I think that David Griffin is that fair-haired boy of good fortune, and we can either love him or despise him for what he has achieved. I chose to reserve judgment until I had a chance to meet him, and after meeting him, I realized that he was a good egg. If only others would be so open minded and not condemn someone that they don’t even know.  However, in the age of the internet, it’s just too easy to use the protected insulation of the remote blog article or email to castigate someone who you imagine that you hate, and all without much consequence. Additionally, it is hard to properly impart humor, sarcasm or lampooning into one’s writing and not have it taken wrongly by some readers.

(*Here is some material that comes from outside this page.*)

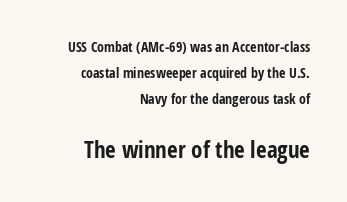
The ragged edge is on the left, which tells us the setting is flush right. No word sits above an underline. Caption: standard tracking, unaltered. Vertical strokes here are truly vertical. The letters are bold, with thick, heavy strokes.
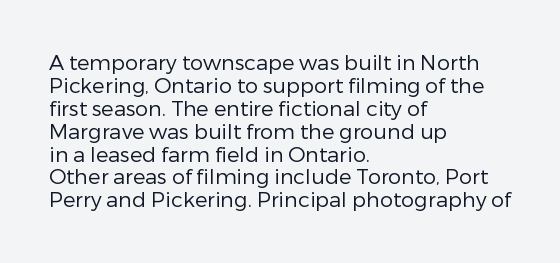
{"italic": "no", "bold": "no", "underline": "no", "align": "left", "line_spacing": "tight", "line_spacing_ratio": 1.09, "letter_spacing": "normal", "letter_spacing_em": 0.0, "glyph_px": 21}

This is why I react dispassionately to things that I read on the internet. I might criticize what someone has written or be aghast at how they are behaving, but I try not to engage in ad hominem attacks. It’s too easy to respond emotionally to what someone has written and much harder to respond dispassionately. This is why I feel that the impersonal quality of the internet is a poor place to judge what someone is really like. I might not agree with what someone has written, but I have to use caution in order to not personally criticize them for their seemingly bad behavior. What this means is that I could easily have a beer or a glass of wine with Nick Farrell in a public social setting without feeling the compunction of tossing my drink into his face. I might ask him why he acts like an arrogant boor on the internet, but I will at least give him the benefit of the doubt, at first. However, once I meet someone in the flesh, then I can adequately judge as to whether I personally like them or not. And, I might add, I have the right to my own opinions, just like everyone else.

Anyway, there seems to be a real cold war between the two factions of the Golden Dawn, and it is apparent that the side opposed to David Griffin is actively and stealthily attempting to steal away initiates and whole groups, not to mention convince everyone that they are the only legitimate branch of the GD. I find that kind of behavior despicable and it doesn’t make me feel inclined to either listen to their diatribes or engage in a dialog with them. In fact, they don’t even seem to be behaving like adepts at all. If only that faction would just leave the HOGD and the A+O organizations alone and allow them to prosper or fail by their own merits. I guess that would be asking for too much, which I find quite sad and tragic.

I think that only time will be show which faction represents the true and authentic version of the Golden Dawn. Will it be the one that emphasizes an exoteric and reconstructed version, or the one that is an active esoteric tradition with a legitimate connection to a third order and who is revealing ever new and startling occult practices and lore? Someday, that answer will be known, but I have my suspicions as to which one it will be.